(Dataset items)
---
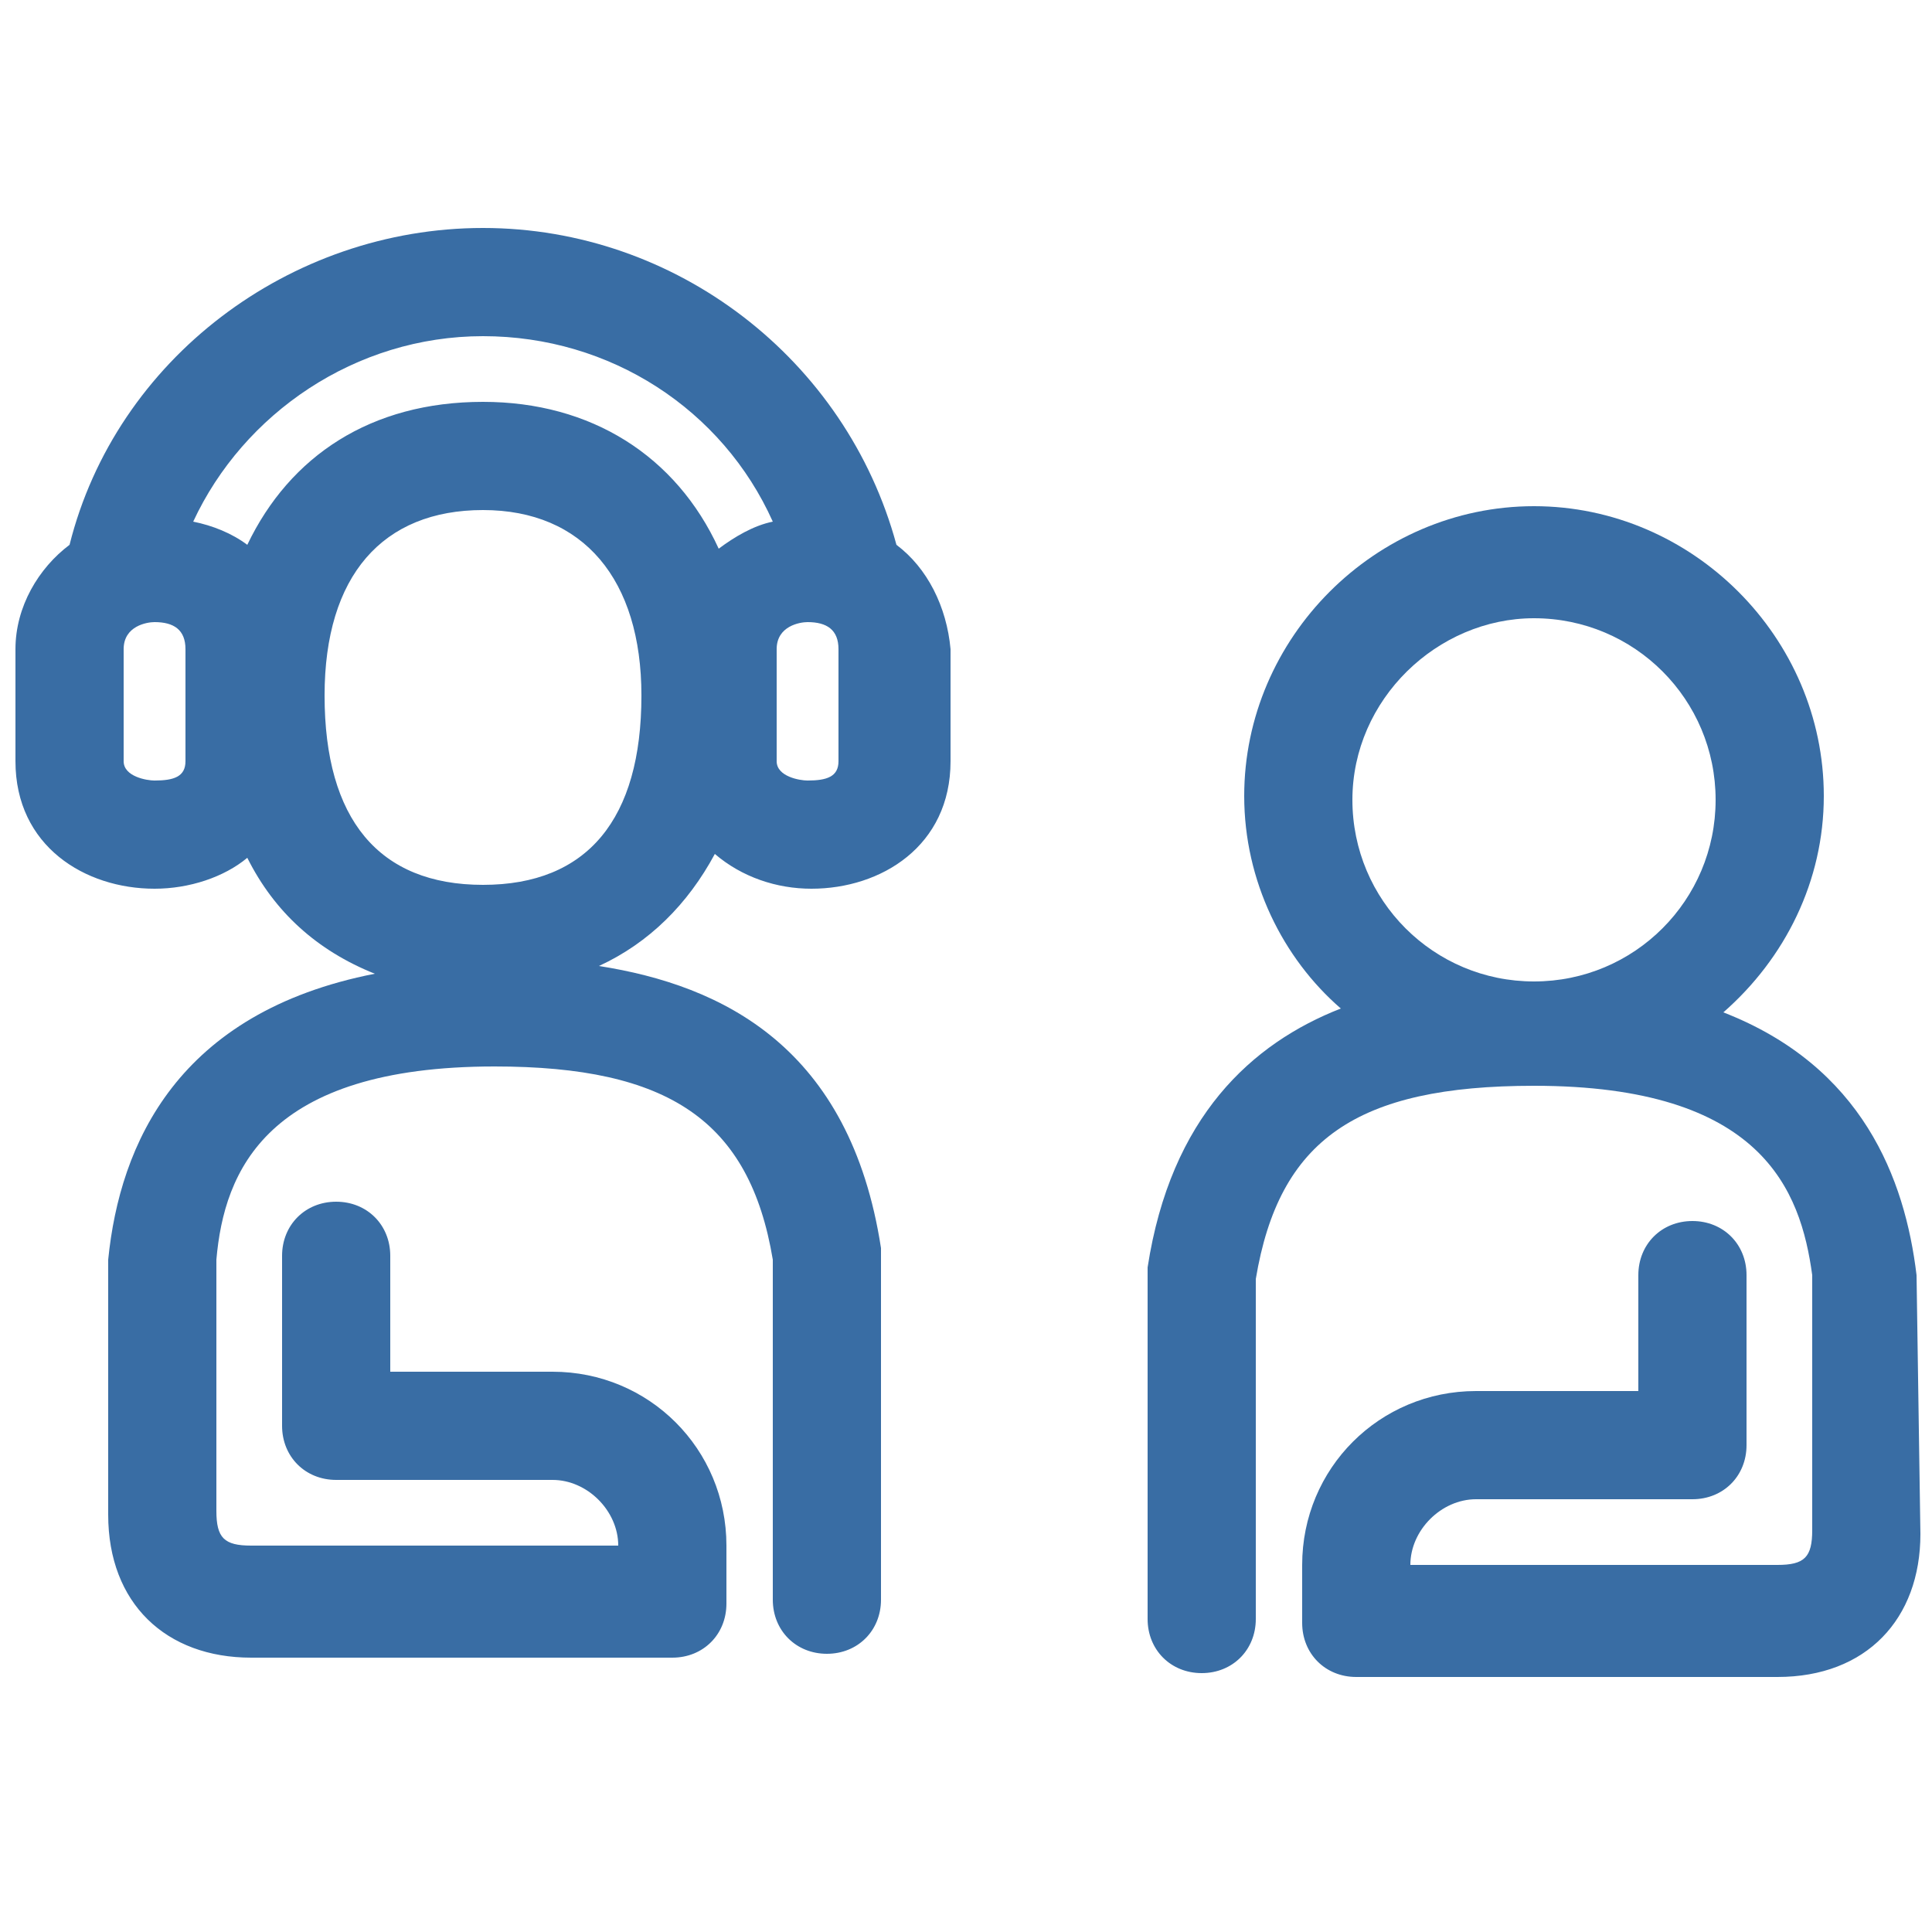 <?xml version="1.0" encoding="utf-8"?>
<!-- Generator: Adobe Illustrator 28.0.0, SVG Export Plug-In . SVG Version: 6.00 Build 0)  -->
<svg version="1.1" id="图层_1" xmlns="http://www.w3.org/2000/svg" xmlns:xlink="http://www.w3.org/1999/xlink" x="0px" y="0px"
	 viewBox="0 0 50 50" style="enable-background:new 0 0 50 50;" xml:space="preserve">
<style type="text/css">
	.st0{fill:#396DA4;}
</style>
<g>
	<path class="st0" d="M23.2,14.1c-1.3-4.8-5.7-8.2-10.7-8.2c-5,0-9.5,3.4-10.7,8.2c-0.8,0.6-1.4,1.6-1.4,2.7v2.9
		c0,2.2,1.8,3.3,3.6,3.3c0.9,0,1.8-0.3,2.4-0.8c0.7,1.4,1.8,2.4,3.3,3c-5.1,1-6.6,4.4-6.9,7.4v6.6c0,2.3,1.5,3.7,3.7,3.7h10.9
		c0.8,0,1.4-0.6,1.4-1.4v-1.5c0-2.5-2-4.5-4.5-4.5h-4.2v-3c0-0.8-0.6-1.4-1.4-1.4s-1.4,0.6-1.4,1.4v4.4c0,0.8,0.6,1.4,1.4,1.4h5.6
		c0.9,0,1.7,0.8,1.7,1.7l-9.5,0c-0.7,0-0.9-0.2-0.9-0.9l0-6.5c0.2-2.3,1.3-5,7.2-5c4.5,0,6.6,1.4,7.2,5v8.8c0,0.8,0.6,1.4,1.4,1.4
		c0.8,0,1.4-0.6,1.4-1.4v-8.9c0-0.1,0-0.1,0-0.2c-0.8-5.2-4.1-6.8-7.3-7.3c1.3-0.6,2.3-1.6,3-2.9c0.7,0.6,1.6,0.9,2.5,0.9
		c1.8,0,3.6-1.1,3.6-3.3v-2.9C24.5,15.7,24,14.7,23.2,14.1z M12.5,8.7c3.3,0,6.2,1.9,7.5,4.8c-0.5,0.1-1,0.4-1.4,0.7
		c-1.1-2.4-3.3-3.8-6.1-3.8c-2.9,0-5,1.4-6.1,3.7C6,13.8,5.5,13.6,5,13.5C6.3,10.7,9.2,8.7,12.5,8.7z M4.8,19.7
		c0,0.4-0.3,0.5-0.8,0.5c-0.2,0-0.8-0.1-0.8-0.5v-2.9c0-0.6,0.6-0.7,0.8-0.7c0.5,0,0.8,0.2,0.8,0.7V19.7z M12.5,22.9
		c-2.7,0-4.1-1.7-4.1-4.9c0-3.1,1.5-4.8,4.1-4.8c2.6,0,4.1,1.8,4.1,4.8C16.6,21.2,15.2,22.9,12.5,22.9z M21.7,19.7
		c0,0.4-0.3,0.5-0.8,0.5c-0.2,0-0.8-0.1-0.8-0.5v-2.9c0-0.6,0.6-0.7,0.8-0.7c0.5,0,0.8,0.2,0.8,0.7V19.7z"/>
	<path class="st0" d="M49.6,33c-0.3-2.5-1.4-5.4-5-6.8c1.6-1.4,2.6-3.4,2.6-5.6c0-4.1-3.4-7.5-7.5-7.5s-7.5,3.4-7.5,7.5
		c0,2.2,1,4.2,2.5,5.5c-2.3,0.9-4.4,2.8-5,6.7c0,0.1,0,0.1,0,0.2v8.9c0,0.8,0.6,1.4,1.4,1.4c0.8,0,1.4-0.6,1.4-1.4v-8.8
		c0.6-3.6,2.6-5,7.2-5c5.9,0,6.9,2.7,7.2,4.9v6.6c0,0.7-0.2,0.9-0.9,0.9h-9.5v0c0-0.9,0.8-1.7,1.7-1.7h5.6c0.8,0,1.4-0.6,1.4-1.4
		v-4.4c0-0.8-0.6-1.4-1.4-1.4s-1.4,0.6-1.4,1.4v3h-4.2c-2.5,0-4.5,2-4.5,4.5v1.5c0,0.8,0.6,1.4,1.4,1.4h10.9c2.3,0,3.7-1.5,3.7-3.7
		L49.6,33z M39.7,16c2.6,0,4.7,2.1,4.7,4.7s-2.1,4.7-4.7,4.7s-4.7-2.1-4.7-4.7S37.2,16,39.7,16z"/>
</g>
</svg>
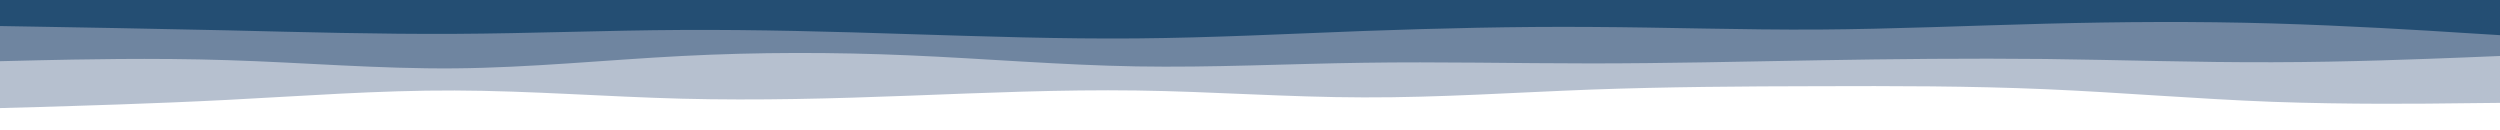 <svg id="visual" viewBox="0 0 1920 100" width="1920" height="100" xmlns="http://www.w3.org/2000/svg" xmlns:xlink="http://www.w3.org/1999/xlink" version="1.1"><path d="M0 83L29.2 82.2C58.3 81.3 116.7 79.7 174.8 76.7C233 73.7 291 69.3 349.2 69.5C407.3 69.7 465.7 74.3 523.8 75.8C582 77.3 640 75.7 698.2 73.5C756.3 71.3 814.7 68.7 872.8 69.5C931 70.3 989 74.7 1047.2 74.8C1105.3 75 1163.7 71 1221.8 68.8C1280 66.7 1338 66.3 1396.2 66.2C1454.3 66 1512.7 66 1570.8 68.5C1629 71 1687 76 1745.2 78.2C1803.3 80.3 1861.7 79.7 1890.8 79.3L1920 79L1920 0L1890.8 0C1861.7 0 1803.3 0 1745.2 0C1687 0 1629 0 1570.8 0C1512.7 0 1454.3 0 1396.2 0C1338 0 1280 0 1221.8 0C1163.7 0 1105.3 0 1047.2 0C989 0 931 0 872.8 0C814.7 0 756.3 0 698.2 0C640 0 582 0 523.8 0C465.7 0 407.3 0 349.2 0C291 0 233 0 174.8 0C116.7 0 58.3 0 29.2 0L0 0Z" fill="#b6c0cf"></path><path d="M0 47L29.2 46.3C58.3 45.7 116.7 44.3 174.8 46.2C233 48 291 53 349.2 52.5C407.3 52 465.7 46 523.8 43C582 40 640 40 698.2 42.5C756.3 45 814.7 50 872.8 51C931 52 989 49 1047.2 48.2C1105.3 47.3 1163.7 48.7 1221.8 48.7C1280 48.7 1338 47.3 1396.2 46.3C1454.3 45.3 1512.7 44.7 1570.8 45.3C1629 46 1687 48 1745.2 47.8C1803.3 47.7 1861.7 45.3 1890.8 44.2L1920 43L1920 0L1890.8 0C1861.7 0 1803.3 0 1745.2 0C1687 0 1629 0 1570.8 0C1512.7 0 1454.3 0 1396.2 0C1338 0 1280 0 1221.8 0C1163.7 0 1105.3 0 1047.2 0C989 0 931 0 872.8 0C814.7 0 756.3 0 698.2 0C640 0 582 0 523.8 0C465.7 0 407.3 0 349.2 0C291 0 233 0 174.8 0C116.7 0 58.3 0 29.2 0L0 0Z" fill="#6f85a0"></path><path d="M0 20L29.2 20.5C58.3 21 116.7 22 174.8 23.3C233 24.7 291 26.3 349.2 26C407.3 25.7 465.7 23.3 523.8 23C582 22.7 640 24.3 698.2 26.2C756.3 28 814.7 30 872.8 29.5C931 29 989 26 1047.2 23.8C1105.3 21.7 1163.7 20.3 1221.8 20.7C1280 21 1338 23 1396.2 22.7C1454.3 22.3 1512.7 19.7 1570.8 18.2C1629 16.7 1687 16.3 1745.2 18C1803.3 19.7 1861.7 23.3 1890.8 25.2L1920 27L1920 0L1890.8 0C1861.7 0 1803.3 0 1745.2 0C1687 0 1629 0 1570.8 0C1512.7 0 1454.3 0 1396.2 0C1338 0 1280 0 1221.8 0C1163.7 0 1105.3 0 1047.2 0C989 0 931 0 872.8 0C814.7 0 756.3 0 698.2 0C640 0 582 0 523.8 0C465.7 0 407.3 0 349.2 0C291 0 233 0 174.8 0C116.7 0 58.3 0 29.2 0L0 0Z" fill="#244e73"></path></svg>
---
What you have to do:
If a line of the records includes the string "class", copy it out.

Response:
	<path class="st0" d="M23.2,14.1c-1.3-4.8-5.7-8.2-10.7-8.2c-5,0-9.5,3.4-10.7,8.2c-0.8,0.6-1.4,1.6-1.4,2.7v2.9
	<path class="st0" d="M49.6,33c-0.3-2.5-1.4-5.4-5-6.8c1.6-1.4,2.6-3.4,2.6-5.6c0-4.1-3.4-7.5-7.5-7.5s-7.5,3.4-7.5,7.5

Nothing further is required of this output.